[Work order]
Could you please reproduce every record below exactly, leaving out the pictures?

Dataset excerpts
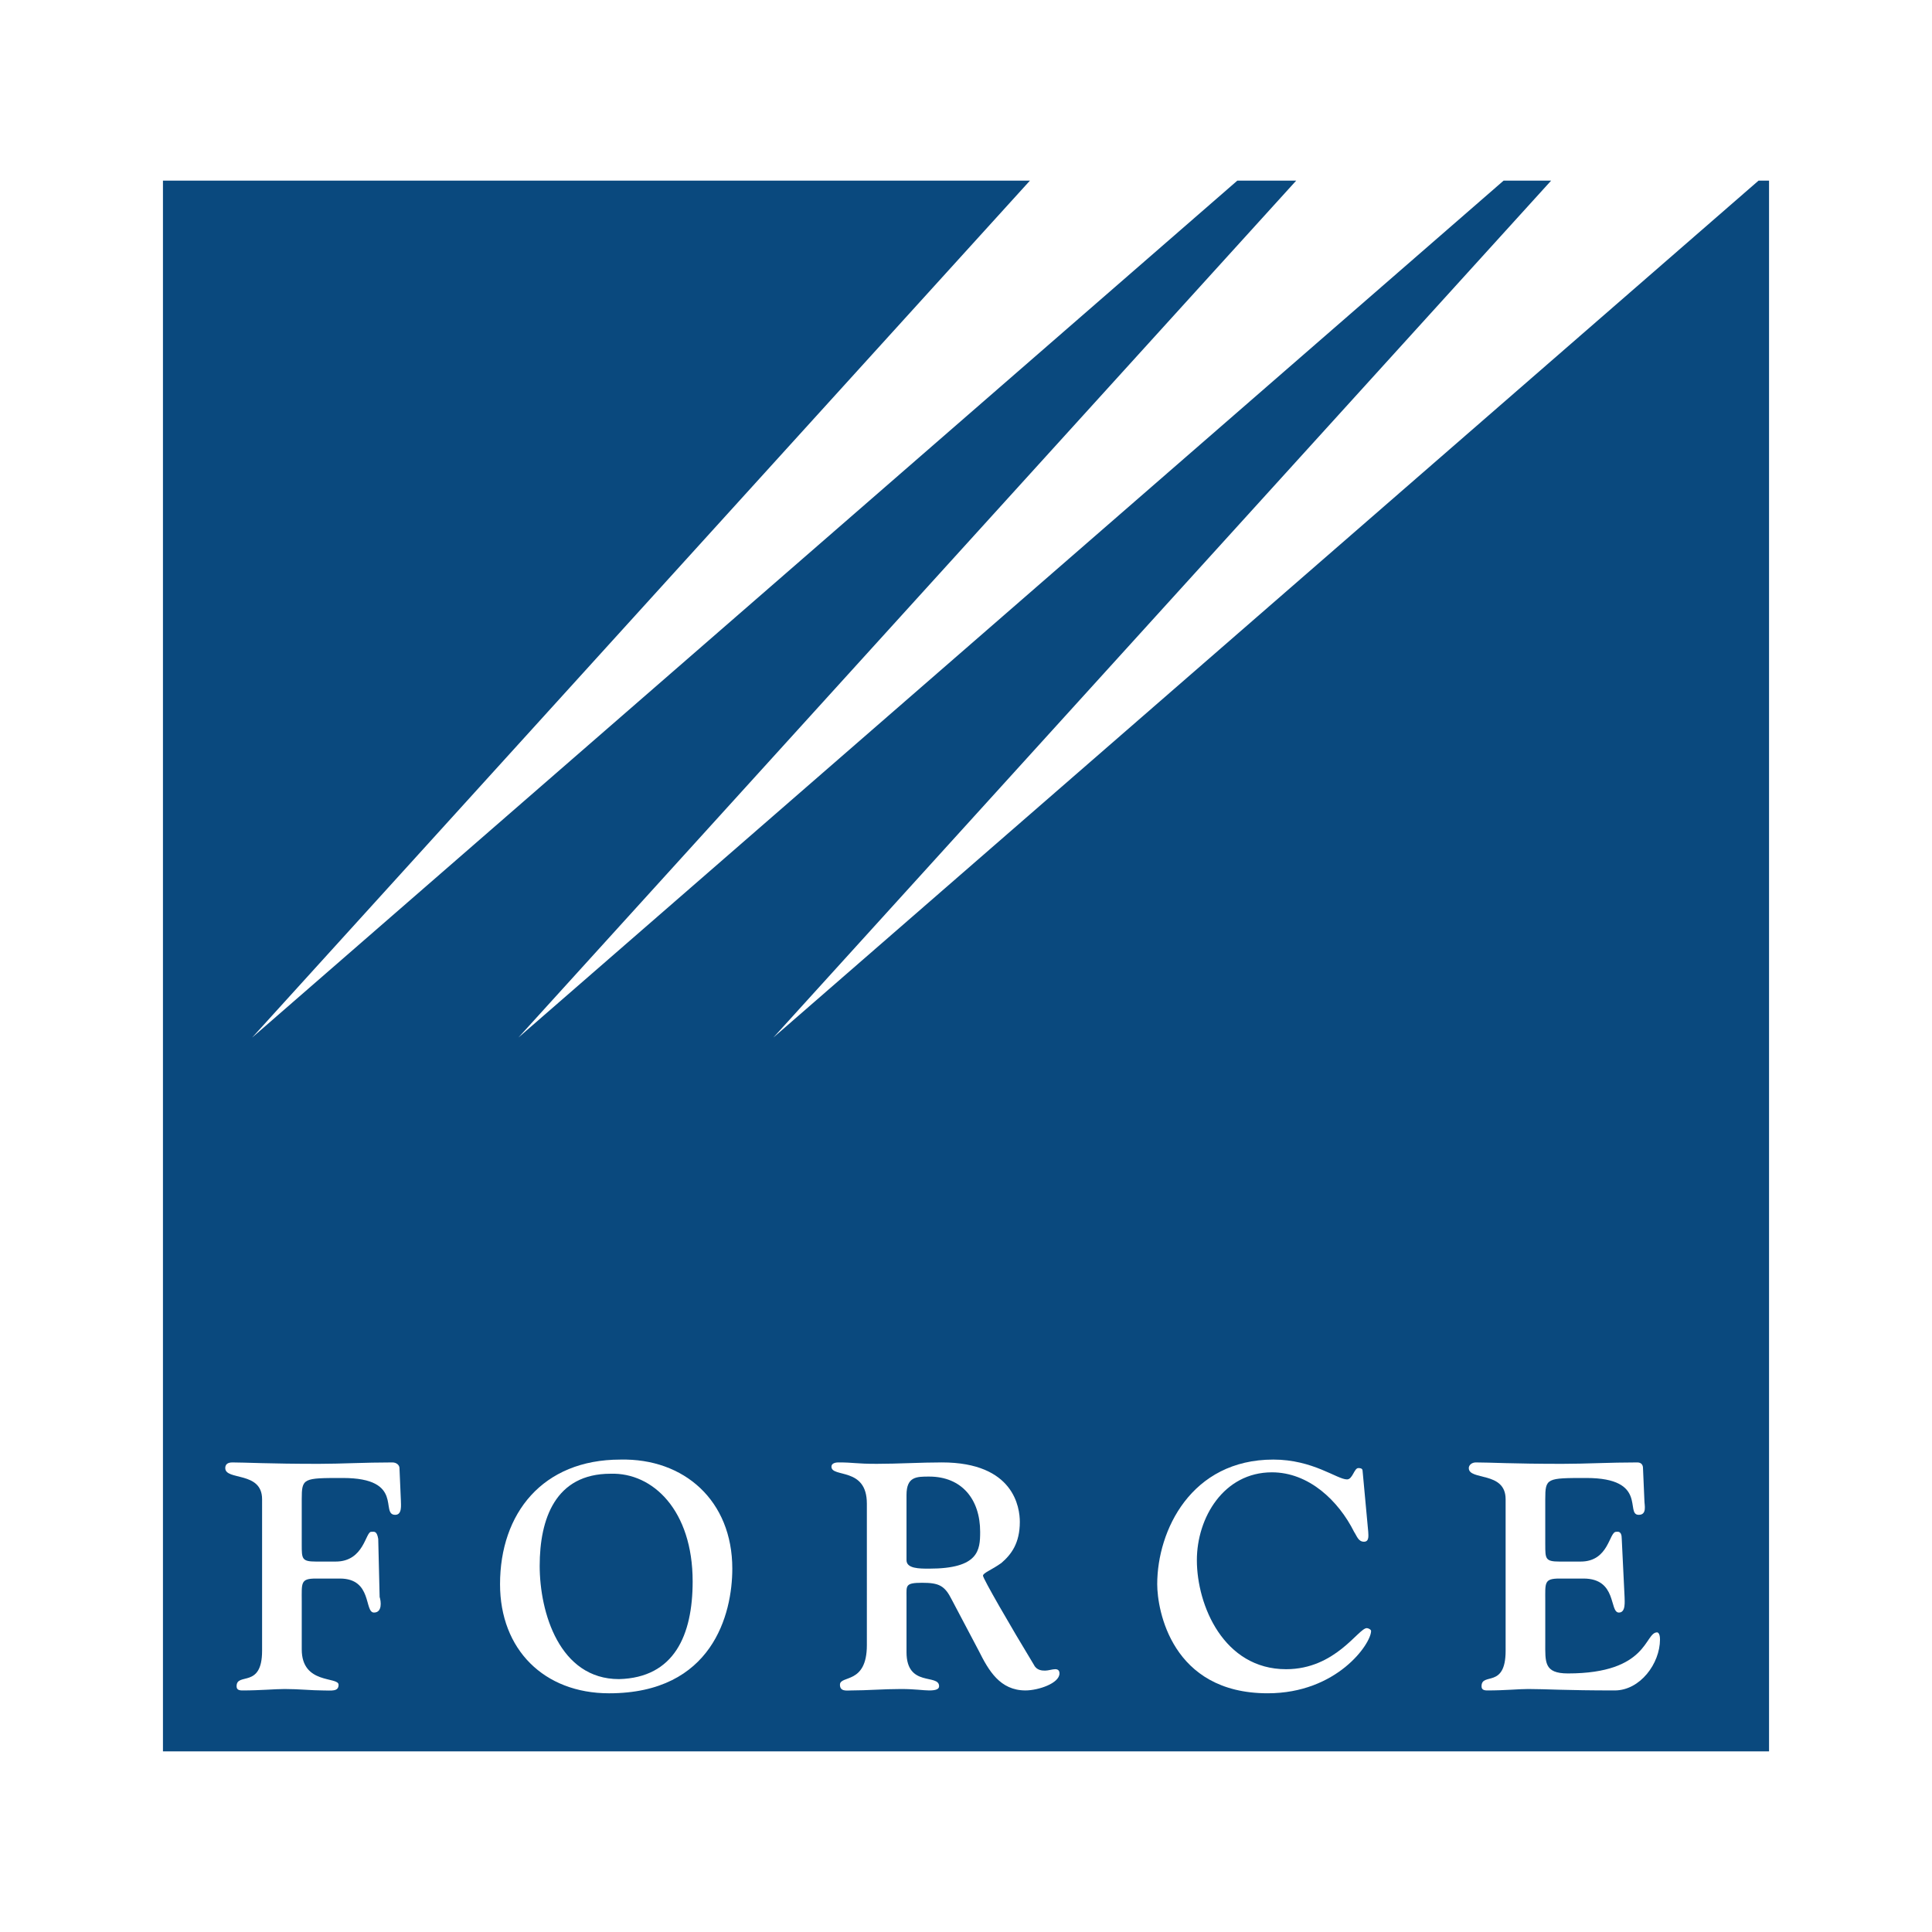<?xml version="1.0" encoding="utf-8"?>
<!-- Generator: Adobe Illustrator 13.0.0, SVG Export Plug-In . SVG Version: 6.00 Build 14948)  -->
<!DOCTYPE svg PUBLIC "-//W3C//DTD SVG 1.0//EN" "http://www.w3.org/TR/2001/REC-SVG-20010904/DTD/svg10.dtd">
<svg version="1.0" id="Layer_1" xmlns="http://www.w3.org/2000/svg" xmlns:xlink="http://www.w3.org/1999/xlink" x="0px" y="0px"
	 width="192.756px" height="192.756px" viewBox="0 0 192.756 192.756" enable-background="new 0 0 192.756 192.756"
	 xml:space="preserve">
<g>
	<polygon fill-rule="evenodd" clip-rule="evenodd" fill="#FFFFFF" points="0,0 192.756,0 192.756,192.756 0,192.756 0,0 	"/>
	<polygon fill-rule="evenodd" clip-rule="evenodd" fill="#0A497E" points="176.498,174.732 176.498,18.024 175.447,18.024 
		77.161,103.514 154.755,18.024 150.012,18.024 51.725,103.514 129.32,18.024 123.446,18.024 25.16,103.514 102.755,18.024 
		16.258,18.024 16.258,174.732 176.498,174.732 	"/>
	<path fill-rule="evenodd" clip-rule="evenodd" fill="#FFFFFF" d="M30.105,154.102c0,1.412,0,1.695,1.413,1.695h1.978
		c2.827,0,2.968-2.967,3.533-2.967c0.283,0,0.565-0.143,0.707,0.705l0.141,5.795c0.142,0.424,0.283,1.555-0.565,1.555
		c-0.989,0-0.141-3.393-3.391-3.393h-2.402c-1.554,0-1.413,0.424-1.413,2.262v4.805c0,3.531,3.674,2.684,3.674,3.531
		c0,0.707-0.707,0.566-1.555,0.566c-1.13,0-2.402-0.143-3.815-0.143c-0.989,0-2.402,0.143-4.239,0.143
		c-0.423,0-0.565-0.143-0.565-0.424c0-1.414,2.543,0.281,2.543-3.533V149.58c0-2.826-3.674-1.838-3.674-3.109
		c0-0.283,0.141-0.564,0.706-0.564c1.272,0,3.674,0.141,8.62,0.141c2.261,0,4.522-0.141,7.348-0.141
		c0.424,0,0.707,0.281,0.707,0.564l0.141,3.25c0,0.424,0.141,1.414-0.565,1.414c-1.555,0,0.989-3.676-5.229-3.676
		c-3.956,0-4.098,0-4.098,2.121V154.102L30.105,154.102z"/>
	<path fill-rule="evenodd" clip-rule="evenodd" fill="#FFFFFF" d="M61.899,145.623c6.358-0.141,11.163,4.098,11.163,10.881
		c0,4.521-1.979,12.436-12.293,12.436c-6.5,0-10.88-4.381-10.88-10.881C49.889,150.992,54.127,145.623,61.899,145.623
		L61.899,145.623z M61.758,167.525c5.511-0.141,7.348-4.381,7.348-9.75c0-7.064-3.957-10.881-8.196-10.74
		c-5.511,0-7.065,4.523-7.065,9.186C53.845,160.885,55.823,167.525,61.758,167.525L61.758,167.525z"/>
	<path fill-rule="evenodd" clip-rule="evenodd" fill="#FFFFFF" d="M86.486,150.004c0-3.674-3.532-2.545-3.532-3.674
		c0-0.283,0.283-0.424,0.707-0.424c1.554,0,1.696,0.141,3.815,0.141c2.12,0,4.381-0.141,6.5-0.141c7.207,0,7.772,4.521,7.772,5.934
		c0,2.121-0.849,3.25-1.838,4.098c-0.988,0.707-1.836,0.99-1.836,1.271c0,0.283,2.685,4.947,5.087,8.904
		c0.282,0.564,0.848,0.564,1.13,0.564c0.283,0,0.707-0.141,0.989-0.141s0.424,0.141,0.424,0.422c0,0.99-2.119,1.697-3.392,1.697
		c-2.543,0-3.674-1.979-4.663-3.957l-2.685-5.088c-0.706-1.412-1.272-1.695-2.967-1.695c-1.696,0-1.554,0.283-1.554,1.414v5.51
		c0,3.533,3.25,2.119,3.25,3.393c0,0.281-0.282,0.424-0.989,0.424c-0.565,0-1.413-0.143-2.826-0.143
		c-1.695,0-3.392,0.143-4.946,0.143c-0.424,0-1.13,0.141-1.13-0.566c0-0.988,2.685,0,2.685-3.955V150.004L86.486,150.004z
		 M90.443,155.656c0,0.848,1.271,0.848,2.26,0.848c4.946,0,5.087-1.838,5.087-3.674c0-3.25-1.837-5.512-5.087-5.512
		c-1.271,0-2.26,0-2.26,1.838V155.656L90.443,155.656z"/>
	<path fill-rule="evenodd" clip-rule="evenodd" fill="#FFFFFF" d="M136.509,152.83c0,0.283,0.142,0.988-0.424,0.988
		s-0.706-0.564-0.989-0.988c-1.554-3.109-4.521-5.936-8.195-5.936c-4.805,0-7.489,4.521-7.489,8.762
		c0,4.521,2.685,10.881,8.902,10.881c4.945,0,7.206-4.1,8.055-4.1c0.141,0,0.424,0.143,0.424,0.283
		c0,1.271-3.392,6.219-10.315,6.219c-9.608,0-11.022-8.338-11.022-10.881c0-5.371,3.392-12.436,11.587-12.436
		c3.957,0,6.359,1.979,7.349,1.979c0.565,0,0.706-1.131,1.13-1.131c0.142,0,0.424,0,0.424,0.283L136.509,152.83L136.509,152.83z"/>
	<path fill-rule="evenodd" clip-rule="evenodd" fill="#FFFFFF" d="M154.172,154.102c0,1.412,0,1.695,1.414,1.695h2.119
		c2.826,0,2.826-2.967,3.532-2.967c0.142,0,0.565-0.143,0.565,0.705l0.282,5.795c0,0.424,0.142,1.555-0.564,1.555
		c-0.989,0-0.142-3.393-3.533-3.393h-2.401c-1.555,0-1.414,0.424-1.414,2.262v4.098c0,1.979-0.141,3.107,2.262,3.107
		c8.054,0,7.63-4.098,8.901-4.098c0,0,0.283,0,0.283,0.707c0,2.402-1.979,5.088-4.522,5.088c-4.945,0-6.924-0.143-8.619-0.143
		c-0.989,0-2.261,0.143-4.098,0.143c-0.424,0-0.565-0.143-0.565-0.424c0-1.414,2.402,0.281,2.402-3.533V149.58
		c0-2.826-3.674-1.838-3.674-3.109c0-0.283,0.282-0.564,0.706-0.564c1.413,0,3.674,0.141,8.62,0.141
		c2.401,0,4.663-0.141,7.489-0.141c0.424,0,0.565,0.281,0.565,0.564l0.141,3.25c0,0.424,0.283,1.414-0.565,1.414
		c-1.413,0,0.989-3.676-5.229-3.676c-3.956,0-4.098,0-4.098,2.121V154.102L154.172,154.102z"/>
</g>
</svg>

[Solution to this exercise]
<?xml version="1.0" encoding="utf-8"?>
<!-- Generator: Adobe Illustrator 13.0.0, SVG Export Plug-In . SVG Version: 6.00 Build 14948)  -->
<!DOCTYPE svg PUBLIC "-//W3C//DTD SVG 1.0//EN" "http://www.w3.org/TR/2001/REC-SVG-20010904/DTD/svg10.dtd">
<svg version="1.0" id="Layer_1" xmlns="http://www.w3.org/2000/svg" xmlns:xlink="http://www.w3.org/1999/xlink" x="0px" y="0px"
	 width="192.756px" height="192.756px" viewBox="0 0 192.756 192.756" enable-background="new 0 0 192.756 192.756"
	 xml:space="preserve">
<g>
	<polygon fill-rule="evenodd" clip-rule="evenodd" fill="#FFFFFF" points="0,0 192.756,0 192.756,192.756 0,192.756 0,0 	"/>
	<polygon fill-rule="evenodd" clip-rule="evenodd" fill="#0A497E" points="176.498,174.732 176.498,18.024 175.447,18.024 
		77.161,103.514 154.755,18.024 150.012,18.024 51.725,103.514 129.32,18.024 123.446,18.024 25.16,103.514 102.755,18.024 
		16.258,18.024 16.258,174.732 176.498,174.732 	"/>
	<path fill-rule="evenodd" clip-rule="evenodd" fill="#FFFFFF" d="M30.105,154.102c0,1.412,0,1.695,1.413,1.695h1.978
		c2.827,0,2.968-2.967,3.533-2.967c0.283,0,0.565-0.143,0.707,0.705l0.141,5.795c0.142,0.424,0.283,1.555-0.565,1.555
		c-0.989,0-0.141-3.393-3.391-3.393h-2.402c-1.554,0-1.413,0.424-1.413,2.262v4.805c0,3.531,3.674,2.684,3.674,3.531
		c0,0.707-0.707,0.566-1.555,0.566c-1.13,0-2.402-0.143-3.815-0.143c-0.989,0-2.402,0.143-4.239,0.143
		c-0.423,0-0.565-0.143-0.565-0.424c0-1.414,2.543,0.281,2.543-3.533V149.58c0-2.826-3.674-1.838-3.674-3.109
		c0-0.283,0.141-0.564,0.706-0.564c1.272,0,3.674,0.141,8.62,0.141c2.261,0,4.522-0.141,7.348-0.141
		c0.424,0,0.707,0.281,0.707,0.564l0.141,3.25c0,0.424,0.141,1.414-0.565,1.414c-1.555,0,0.989-3.676-5.229-3.676
		c-3.956,0-4.098,0-4.098,2.121V154.102L30.105,154.102z"/>
	<path fill-rule="evenodd" clip-rule="evenodd" fill="#FFFFFF" d="M61.899,145.623c6.358-0.141,11.163,4.098,11.163,10.881
		c0,4.521-1.979,12.436-12.293,12.436c-6.5,0-10.88-4.381-10.88-10.881C49.889,150.992,54.127,145.623,61.899,145.623
		L61.899,145.623z M61.758,167.525c5.511-0.141,7.348-4.381,7.348-9.75c0-7.064-3.957-10.881-8.196-10.74
		c-5.511,0-7.065,4.523-7.065,9.186C53.845,160.885,55.823,167.525,61.758,167.525L61.758,167.525z"/>
	<path fill-rule="evenodd" clip-rule="evenodd" fill="#FFFFFF" d="M86.486,150.004c0-3.674-3.532-2.545-3.532-3.674
		c0-0.283,0.283-0.424,0.707-0.424c1.554,0,1.696,0.141,3.815,0.141c2.12,0,4.381-0.141,6.5-0.141c7.207,0,7.772,4.521,7.772,5.934
		c0,2.121-0.849,3.25-1.838,4.098c-0.988,0.707-1.836,0.99-1.836,1.271c0,0.283,2.685,4.947,5.087,8.904
		c0.282,0.564,0.848,0.564,1.13,0.564c0.283,0,0.707-0.141,0.989-0.141s0.424,0.141,0.424,0.422c0,0.99-2.119,1.697-3.392,1.697
		c-2.543,0-3.674-1.979-4.663-3.957l-2.685-5.088c-0.706-1.412-1.272-1.695-2.967-1.695c-1.696,0-1.554,0.283-1.554,1.414v5.51
		c0,3.533,3.25,2.119,3.25,3.393c0,0.281-0.282,0.424-0.989,0.424c-0.565,0-1.413-0.143-2.826-0.143
		c-1.695,0-3.392,0.143-4.946,0.143c-0.424,0-1.13,0.141-1.13-0.566c0-0.988,2.685,0,2.685-3.955V150.004L86.486,150.004z
		 M90.443,155.656c0,0.848,1.271,0.848,2.26,0.848c4.946,0,5.087-1.838,5.087-3.674c0-3.25-1.837-5.512-5.087-5.512
		c-1.271,0-2.26,0-2.26,1.838V155.656L90.443,155.656z"/>
	<path fill-rule="evenodd" clip-rule="evenodd" fill="#FFFFFF" d="M136.509,152.83c0,0.283,0.142,0.988-0.424,0.988
		s-0.706-0.564-0.989-0.988c-1.554-3.109-4.521-5.936-8.195-5.936c-4.805,0-7.489,4.521-7.489,8.762
		c0,4.521,2.685,10.881,8.902,10.881c4.945,0,7.206-4.1,8.055-4.1c0.141,0,0.424,0.143,0.424,0.283
		c0,1.271-3.392,6.219-10.315,6.219c-9.608,0-11.022-8.338-11.022-10.881c0-5.371,3.392-12.436,11.587-12.436
		c3.957,0,6.359,1.979,7.349,1.979c0.565,0,0.706-1.131,1.13-1.131c0.142,0,0.424,0,0.424,0.283L136.509,152.83L136.509,152.83z"/>
	<path fill-rule="evenodd" clip-rule="evenodd" fill="#FFFFFF" d="M154.172,154.102c0,1.412,0,1.695,1.414,1.695h2.119
		c2.826,0,2.826-2.967,3.532-2.967c0.142,0,0.565-0.143,0.565,0.705l0.282,5.795c0,0.424,0.142,1.555-0.564,1.555
		c-0.989,0-0.142-3.393-3.533-3.393h-2.401c-1.555,0-1.414,0.424-1.414,2.262v4.098c0,1.979-0.141,3.107,2.262,3.107
		c8.054,0,7.63-4.098,8.901-4.098c0,0,0.283,0,0.283,0.707c0,2.402-1.979,5.088-4.522,5.088c-4.945,0-6.924-0.143-8.619-0.143
		c-0.989,0-2.261,0.143-4.098,0.143c-0.424,0-0.565-0.143-0.565-0.424c0-1.414,2.402,0.281,2.402-3.533V149.58
		c0-2.826-3.674-1.838-3.674-3.109c0-0.283,0.282-0.564,0.706-0.564c1.413,0,3.674,0.141,8.62,0.141
		c2.401,0,4.663-0.141,7.489-0.141c0.424,0,0.565,0.281,0.565,0.564l0.141,3.25c0,0.424,0.283,1.414-0.565,1.414
		c-1.413,0,0.989-3.676-5.229-3.676c-3.956,0-4.098,0-4.098,2.121V154.102L154.172,154.102z"/>
</g>
</svg>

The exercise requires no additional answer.